If you can’t beat them, join them. That appears to be the mentality of many U.S. TV networks as more and more cable subscribers choose to cut the cord in favor of paying a fraction of the cost for online streaming video services.
In a report this week, Reuters gave several examples of major networks attempting to adapt to a world where Netflix has taken a changed the expectations of the average viewers. For instance, TV Land has begun to develop more original programming that follows a serialized narrative, attempting to bring viewers back week to week.
Impastor, a TV Land show about a man wracked with gambling debt who pretends to be a preacher in a small town, was actually rewritten from the ground up to build a story that would play out over the course of the season.

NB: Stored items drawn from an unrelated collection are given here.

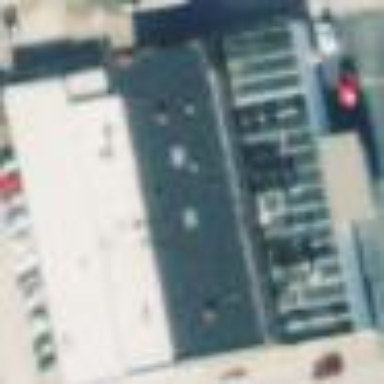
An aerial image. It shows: Car repair shop located in building.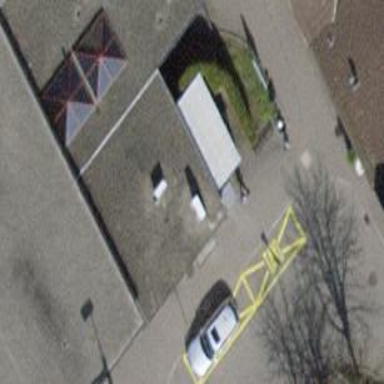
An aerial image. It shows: Kiosk.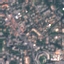
Label: Residential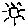
Label: sun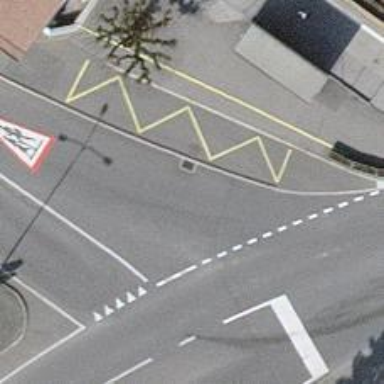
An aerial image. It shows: Bus stop with platform for public transport.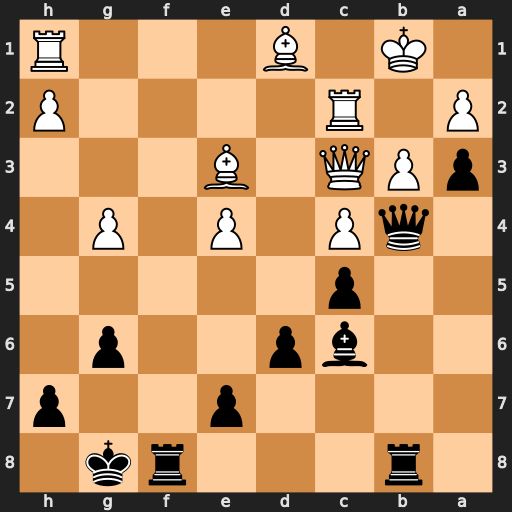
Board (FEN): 1r3rk1/4p2p/2bp2p1/2p5/1qP1P1P1/pPQ1B3/P1R4P/1K1B3R
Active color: b
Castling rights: -
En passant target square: -
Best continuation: Qxc3 Rxc3 Bxe4+ Ka1 Bxh1
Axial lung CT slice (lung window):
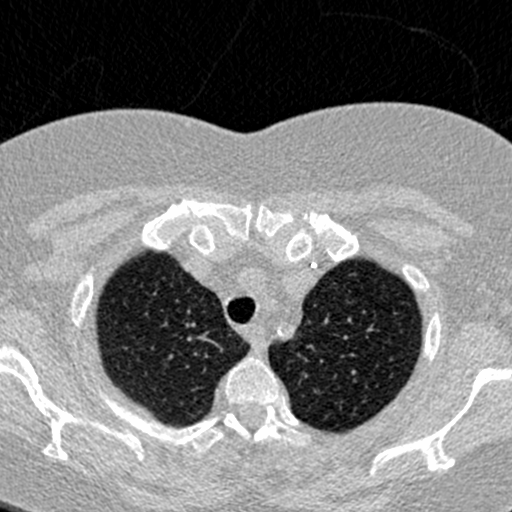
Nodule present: no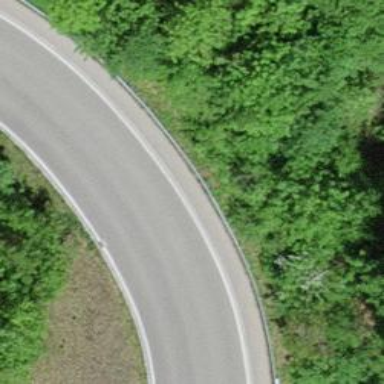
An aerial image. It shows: Asphalt sidewalk.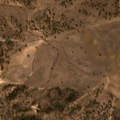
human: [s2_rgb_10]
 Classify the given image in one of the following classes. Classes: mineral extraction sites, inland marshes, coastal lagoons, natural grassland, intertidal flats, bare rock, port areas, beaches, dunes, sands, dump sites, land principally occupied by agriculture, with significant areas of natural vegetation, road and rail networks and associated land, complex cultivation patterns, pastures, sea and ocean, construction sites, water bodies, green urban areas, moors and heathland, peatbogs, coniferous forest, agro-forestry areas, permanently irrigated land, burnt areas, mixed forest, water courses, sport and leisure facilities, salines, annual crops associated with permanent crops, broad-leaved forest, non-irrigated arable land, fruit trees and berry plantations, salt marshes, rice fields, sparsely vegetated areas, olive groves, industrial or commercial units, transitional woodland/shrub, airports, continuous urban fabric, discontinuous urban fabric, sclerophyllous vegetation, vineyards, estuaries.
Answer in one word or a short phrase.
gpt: non-irrigated arable land, pastures, agro-forestry areas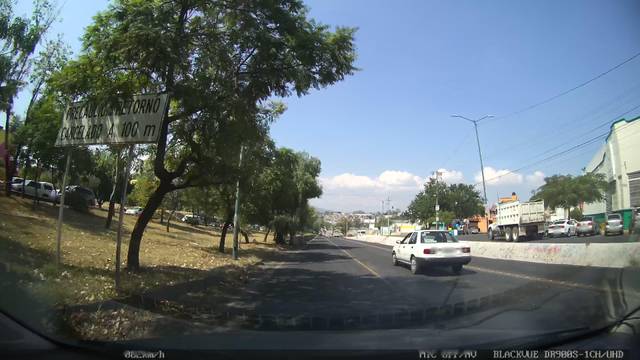
Region: Mexico
Coordinates: 19.718, -101.175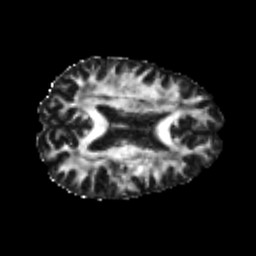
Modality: FA
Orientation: axial
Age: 24
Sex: male
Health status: healthy
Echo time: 0.074 s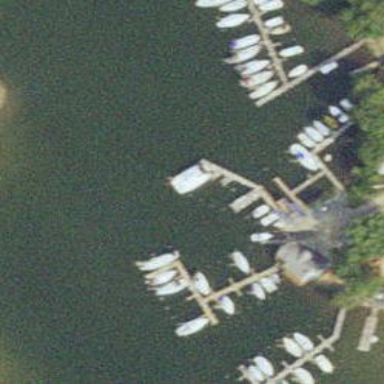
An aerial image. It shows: Man-made pier.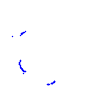
Particle: kaon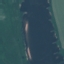
Label: River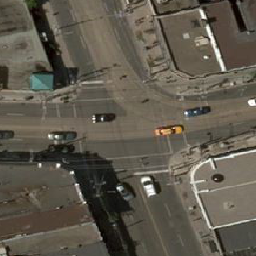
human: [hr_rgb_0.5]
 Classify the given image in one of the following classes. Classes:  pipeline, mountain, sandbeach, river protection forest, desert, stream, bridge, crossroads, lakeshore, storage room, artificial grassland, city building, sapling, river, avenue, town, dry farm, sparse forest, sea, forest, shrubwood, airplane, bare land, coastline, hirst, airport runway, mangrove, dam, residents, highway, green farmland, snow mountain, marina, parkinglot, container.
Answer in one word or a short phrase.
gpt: crossroads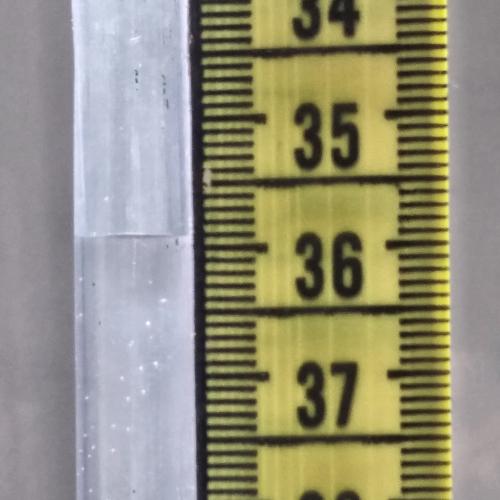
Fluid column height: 35.9 cm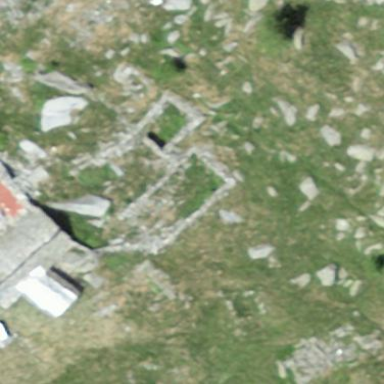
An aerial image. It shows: Historic building in ruins.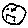
Label: smiley face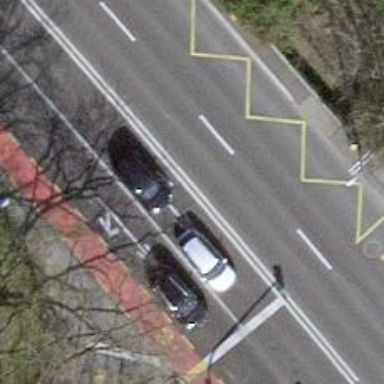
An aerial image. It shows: Public transport stop position.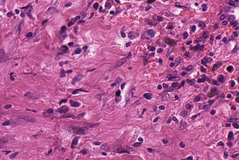
Tumor epithelial tissue: no
Tumor-associated stroma tissue: yes
Normal tissue: no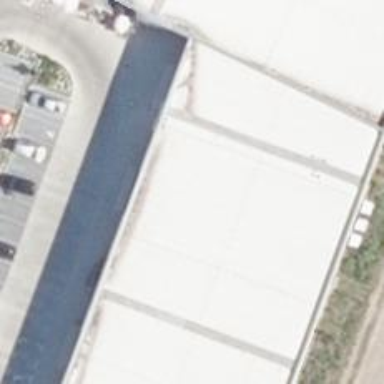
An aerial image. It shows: Clothing store.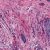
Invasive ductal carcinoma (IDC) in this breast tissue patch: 0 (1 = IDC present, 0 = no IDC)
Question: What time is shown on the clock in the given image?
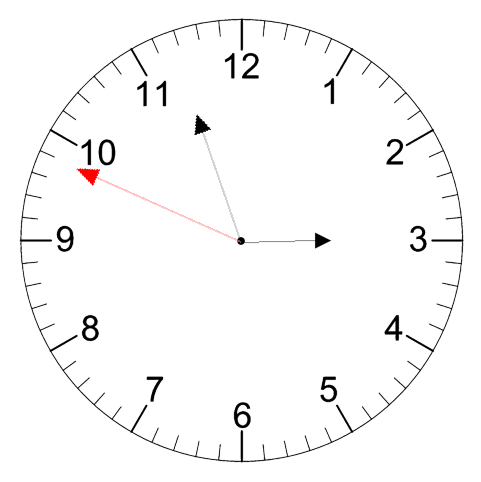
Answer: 02:56:49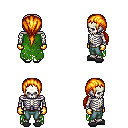
a pixel art fantasy rpg character, male body template, skeleton, green tattered cape, teal pants, light blonde ponytail hairstyle, gold gloves, gray slippers, four views (front, back, left, right), 2x2 character sprite sheet, small pixel art, hard edges, no anti-aliasing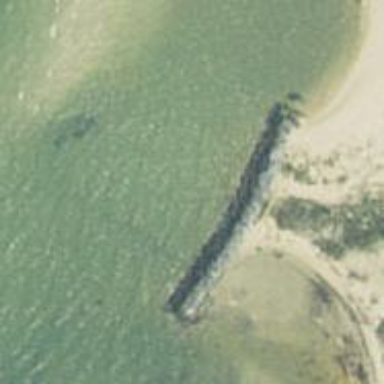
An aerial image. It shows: Breakwater structure.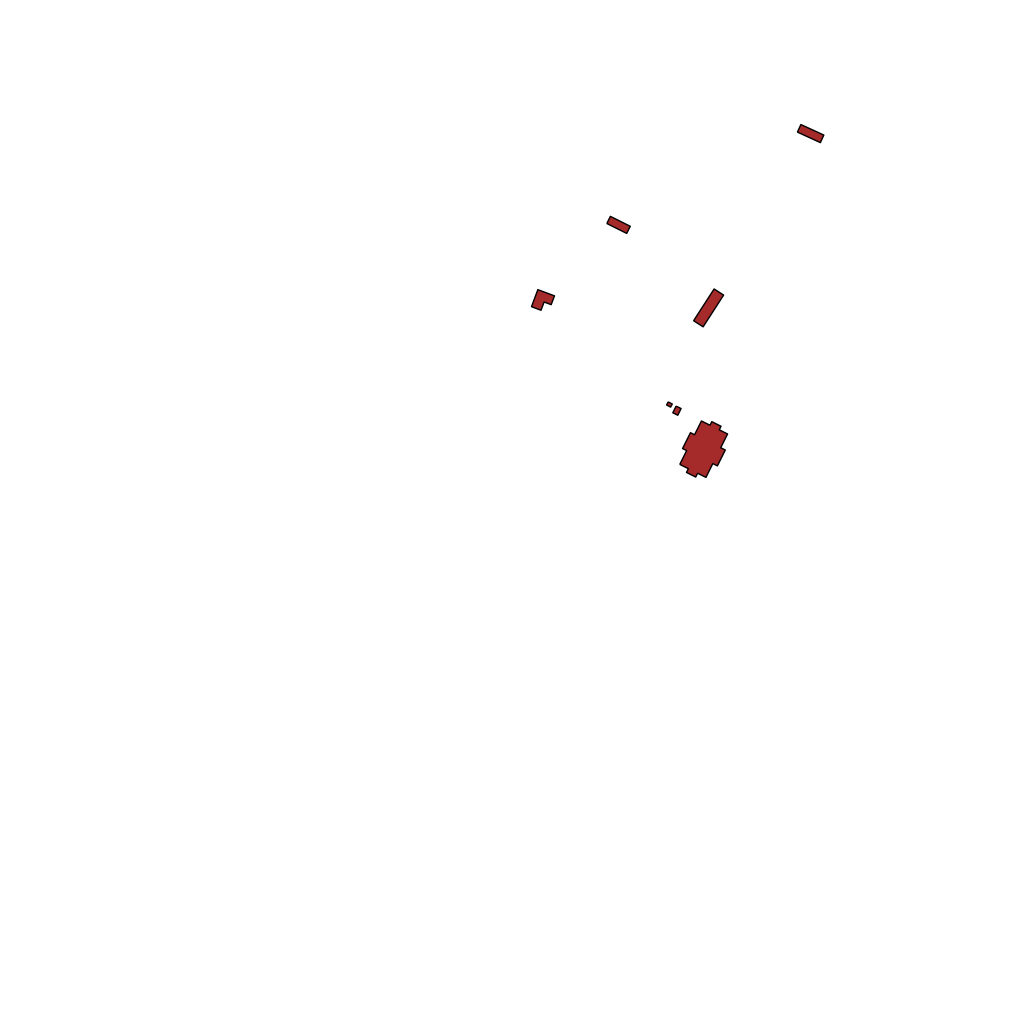
Tags: overhead vector_map, recreation, residential, individual_rise, density_1, Facility, 1.0 km²

“Instead of it being every episode as a standalone, we added a storyline that was told more episodically as the mystery unravels,” said TV Land creative and marketing executive Kim Rosenblum.
TBS also tried something completely different earlier this year when it aired the entire 10-episode season of comedy Angie Tribeca over the course of a single marathon. Reuters says that a third of the marathon’s viewers had never tuned into the network before, so regardless of whether or not the show was a success (it mostly was), the experiment paid off.
Even commercials are feeling the effects of Netflix, Hulu and Amazon Prime as network executives experiment with serialized advertising campaigns and including brands directly into the network’s shows.
“The streaming platforms have created a more competitive environment and we all need to deliver better,” said David Levy, president of Turner.